■ Data records ■
####

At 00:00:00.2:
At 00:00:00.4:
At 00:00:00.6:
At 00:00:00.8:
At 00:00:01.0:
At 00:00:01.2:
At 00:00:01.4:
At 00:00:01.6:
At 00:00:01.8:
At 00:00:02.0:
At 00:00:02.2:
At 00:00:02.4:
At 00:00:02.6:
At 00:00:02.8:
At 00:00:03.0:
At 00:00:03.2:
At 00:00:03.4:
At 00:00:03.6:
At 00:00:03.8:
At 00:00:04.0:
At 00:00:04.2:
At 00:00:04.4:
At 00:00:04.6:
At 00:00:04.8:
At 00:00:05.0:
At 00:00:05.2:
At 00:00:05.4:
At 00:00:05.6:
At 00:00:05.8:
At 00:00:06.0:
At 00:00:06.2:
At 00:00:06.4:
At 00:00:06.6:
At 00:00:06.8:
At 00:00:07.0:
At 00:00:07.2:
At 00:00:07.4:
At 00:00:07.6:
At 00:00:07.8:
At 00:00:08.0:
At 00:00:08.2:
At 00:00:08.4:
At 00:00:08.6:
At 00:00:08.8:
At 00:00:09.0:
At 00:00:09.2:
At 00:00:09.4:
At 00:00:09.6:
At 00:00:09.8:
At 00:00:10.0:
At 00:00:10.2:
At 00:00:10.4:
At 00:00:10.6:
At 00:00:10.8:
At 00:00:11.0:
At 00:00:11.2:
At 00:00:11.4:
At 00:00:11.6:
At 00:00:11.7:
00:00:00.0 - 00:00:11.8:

####

■ The task ■
Every line of the data above belongs in the answer, unchanged.

■ Response to the task ■
At 00:00:00.2:
At 00:00:00.4:
At 00:00:00.6:
At 00:00:00.8:
At 00:00:01.0:
At 00:00:01.2:
At 00:00:01.4:
At 00:00:01.6:
At 00:00:01.8:
At 00:00:02.0:
At 00:00:02.2:
At 00:00:02.4:
At 00:00:02.6:
At 00:00:02.8:
At 00:00:03.0:
At 00:00:03.2:
At 00:00:03.4:
At 00:00:03.6:
At 00:00:03.8:
At 00:00:04.0:
At 00:00:04.2:
At 00:00:04.4:
At 00:00:04.6:
At 00:00:04.8:
At 00:00:05.0:
At 00:00:05.2:
At 00:00:05.4:
At 00:00:05.6:
At 00:00:05.8:
At 00:00:06.0:
At 00:00:06.2:
At 00:00:06.4:
At 00:00:06.6:
At 00:00:06.8:
At 00:00:07.0:
At 00:00:07.2:
At 00:00:07.4:
At 00:00:07.6:
At 00:00:07.8:
At 00:00:08.0:
At 00:00:08.2:
At 00:00:08.4:
At 00:00:08.6:
At 00:00:08.8:
At 00:00:09.0:
At 00:00:09.2:
At 00:00:09.4:
At 00:00:09.6:
At 00:00:09.8:
At 00:00:10.0:
At 00:00:10.2:
At 00:00:10.4:
At 00:00:10.6:
At 00:00:10.8:
At 00:00:11.0:
At 00:00:11.2:
At 00:00:11.4:
At 00:00:11.6:
At 00:00:11.7:
00:00:00.0 - 00:00:11.8:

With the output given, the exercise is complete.